Siatkówka Espadon Szczecin 2:3 ZAKSA Kedzierzyn-Kozle



W piątek rozegrane zostaną dwa pierwsze mecze jedenastej kolejki zmagań w siatkarskiej PlusLidze. W tym ciekawszym Espadon Szczecin podejmie ZAKSĘ Kędzierzyn-Koźle. Początek tego pojedynku zaplanowano na godzinę 18:00. W Arenie Szczecin pojawią się też telewizyjne kamery, bo bezpośrednią transmisję z tego wydarzenia zaplanował Polsat Sport.

Nie dalej jak we wtorek pisałem szczegółową analizę do pojedynku kędzierzynian z katowiczanami i w zasadzie wszystko się potwierdziło. Dziś wypada mi po prostu powtórzyć użyte wówczas argumenty, bo tak naprawdę nie ma sensu wymyślanie kwadratowych jaj, kiedy wszystko wydaje się oczywistą oczywistością. 

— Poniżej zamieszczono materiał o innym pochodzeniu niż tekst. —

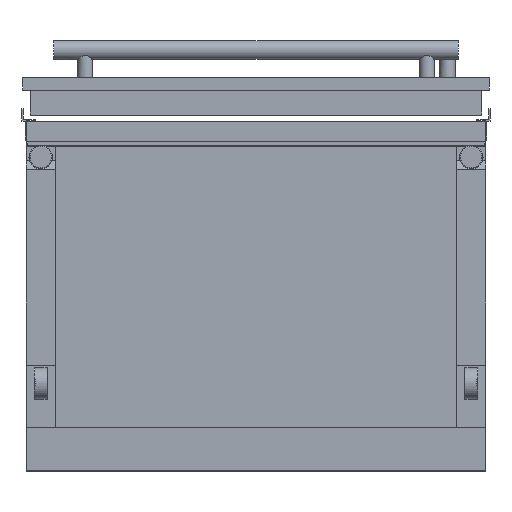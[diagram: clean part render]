
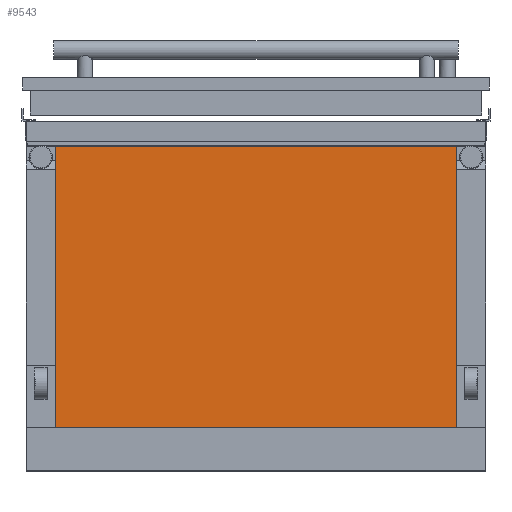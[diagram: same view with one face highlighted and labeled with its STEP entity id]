
A CAD part, front view. The second image highlights one B-rep face of the part: STEP entity #9543.
In plain terms, the highlighted planar face has unit normal (0, -1, 0).
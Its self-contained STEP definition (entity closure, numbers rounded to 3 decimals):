
#329 = PLANE ( 'NONE',  #4006 ) ;
#643 = ORIENTED_EDGE ( 'NONE', *, *, #4806, .T. ) ;
#1002 = VERTEX_POINT ( 'NONE', #1935 ) ;
#1370 = VERTEX_POINT ( 'NONE', #10391 ) ;
#1681 = CARTESIAN_POINT ( 'NONE',  ( 368., -990.85, -210.4 ) ) ;
#1935 = CARTESIAN_POINT ( 'NONE',  ( -321., -990.85, 240. ) ) ;
#1949 = VECTOR ( 'NONE', #6936, 1000. ) ;
#2635 = DIRECTION ( 'NONE',  ( 1., 0., 0. ) ) ;
#2783 = LINE ( 'NONE', #6628, #7345 ) ;
#3271 = DIRECTION ( 'NONE',  ( 0., 0., 1. ) ) ;
#3498 = VECTOR ( 'NONE', #2635, 1000. ) ;
#4006 = AXIS2_PLACEMENT_3D ( 'NONE', #6070, #11678, #6101 ) ;
#4744 = VERTEX_POINT ( 'NONE', #6844 ) ;
#4806 = EDGE_CURVE ( 'NONE', #1370, #7730, #4829, .T. ) ;
#4829 = LINE ( 'NONE', #1681, #3498 ) ;
#5059 = FACE_OUTER_BOUND ( 'NONE', #7986, .T. ) ;
#5069 = ORIENTED_EDGE ( 'NONE', *, *, #11953, .T. ) ;
#6070 = CARTESIAN_POINT ( 'NONE',  ( 321., -990.85, -280. ) ) ;
#6101 = DIRECTION ( 'NONE',  ( 0., 0., 1. ) ) ;
#6207 = CARTESIAN_POINT ( 'NONE',  ( 321., -990.85, -210.4 ) ) ;
#6213 = VECTOR ( 'NONE', #3271, 1000. ) ;
#6352 = ORIENTED_EDGE ( 'NONE', *, *, #9990, .F. ) ;
#6508 = DIRECTION ( 'NONE',  ( 0., 0., 1. ) ) ;
#6628 = CARTESIAN_POINT ( 'NONE',  ( 321., -990.85, -280. ) ) ;
#6811 = CARTESIAN_POINT ( 'NONE',  ( -321., -990.85, -280. ) ) ;
#6844 = CARTESIAN_POINT ( 'NONE',  ( 321., -990.85, 240. ) ) ;
#6936 = DIRECTION ( 'NONE',  ( 1., 0., 0. ) ) ;
#7345 = VECTOR ( 'NONE', #6508, 1000. ) ;
#7730 = VERTEX_POINT ( 'NONE', #6207 ) ;
#7986 = EDGE_LOOP ( 'NONE', ( #9086, #643, #5069, #6352 ) ) ;
#8571 = LINE ( 'NONE', #6811, #6213 ) ;
#9086 = ORIENTED_EDGE ( 'NONE', *, *, #9931, .F. ) ;
#9543 = ADVANCED_FACE ( 'NONE', ( #5059 ), #329, .F. ) ;
#9931 = EDGE_CURVE ( 'NONE', #1370, #1002, #8571, .T. ) ;
#9990 = EDGE_CURVE ( 'NONE', #1002, #4744, #10621, .T. ) ;
#10391 = CARTESIAN_POINT ( 'NONE',  ( -321., -990.85, -210.4 ) ) ;
#10621 = LINE ( 'NONE', #11677, #1949 ) ;
#11677 = CARTESIAN_POINT ( 'NONE',  ( 321., -990.85, 240. ) ) ;
#11678 = DIRECTION ( 'NONE',  ( 0., 1., 0. ) ) ;
#11953 = EDGE_CURVE ( 'NONE', #7730, #4744, #2783, .T. ) ;

Zdecydowanym faworytem tej konfrontacji w zgodnej opinii bukmacherów i ekspertów są oczywiście przyjezdni, którzy w tym sezonie przegrali tylko jeden mecz o stawkę. Ten pierwszy, o Superpuchar Polski z PGE Skrą w Bełchatowie (1:3). Od tego czasu idą jak burza, wygrywając dziesięć kolejnych potyczek o ligowe punkty i tracąc w nich zaledwie jeden punkt (3:2 z Olsztynem). Wobec tego trudno, żeby kursy na faworyta był wyższe niż te, które na zaproponowano, czyli +-@1,15. Pomimo tego widzę pewne value na zakładzie z handicapem setowym -1,5 po kursie @1,30). 

Zwłaszcza, że w przywoływanym już meczu z GieKSą podopieczni Andrei Gardiniego nie dali rywalowi najmniejszych szans. Wyniki setów mówią same za siebie: 25:14; 25;16 i 25:13. Deklasacja. Zwłaszcza, jeśli uwzględnimy, że ZAKSA musiała poradzić sobie w tym pojedynku bez dwóch podstawowych zawodników: Wiśniewskiego i Buszka. Przy okazji przejdźmy może do personaliów, gdzie najlepiej widać różnice potencjałów obu ekip.

 

ESPADON SZCZECIN
Rozgrywający: Eemi Tervaportti, Tomasz Kowalski
Atakujący: Bartłomiej Kluth, Mateusz Malinowski
Przyjmujący: Jeffrey Menzel, Michał Ruciak, Adrian Kacperkiewicz, Marcin Wika
Środkowi: Justin Duff, Bartosz Gawryszewski, Maciej Zajder. Janusz Gałązka
Libero: Dawid Murek, Adrian Mihułka, Marcin Jaskuła

ZAKSA KĘDZIERZYN-KOŹLE

Rozgrywający: Benjamin Toniutti, Marco Falaschi
Atakujący: Maurice Armando Torres, Sławomir Jungiewicz
Przyjmujący: Sam Deroo, Rafał Buszek, Kamil Semeniuk, Rafał Szymura
Środkowi: Mateusz Bieniek, Łukasz Wiśniewski, Krzysztof Rejno, Aleksander Maziarz
Libero: Paweł Zatorski, Korneliusz Banach


W Szczecinie przed sezonem doszło do wielu zmian, co dziwić oczywiście nie może, bo pierwszy sezon beniaminka był dużo słabszy niż oczekiwano. Dzięki tym roszadom zespół nie tylko na papierze wygląda lepiej niż przed rokiem. Głównie ze względu na sprowadzenie nowego rozgrywającego, Fina Eemi Tervaporttiego. Doszli też m.in. Menzel, Duff i Gawryszewski. Jednak w mojej ocenie skrzydła nie zostały wzmocnione tak bardzo, jak być powinny i będą przeszkodą w osiągnięciu naprawdę fajnych wyników w sezonie 2017/18. Zwłaszcza w konfrontacji z szeroko pojętym topem ligowym, a więc z Wielką Czwórką i cała grupą aspirujących do udziału w fazie play-off.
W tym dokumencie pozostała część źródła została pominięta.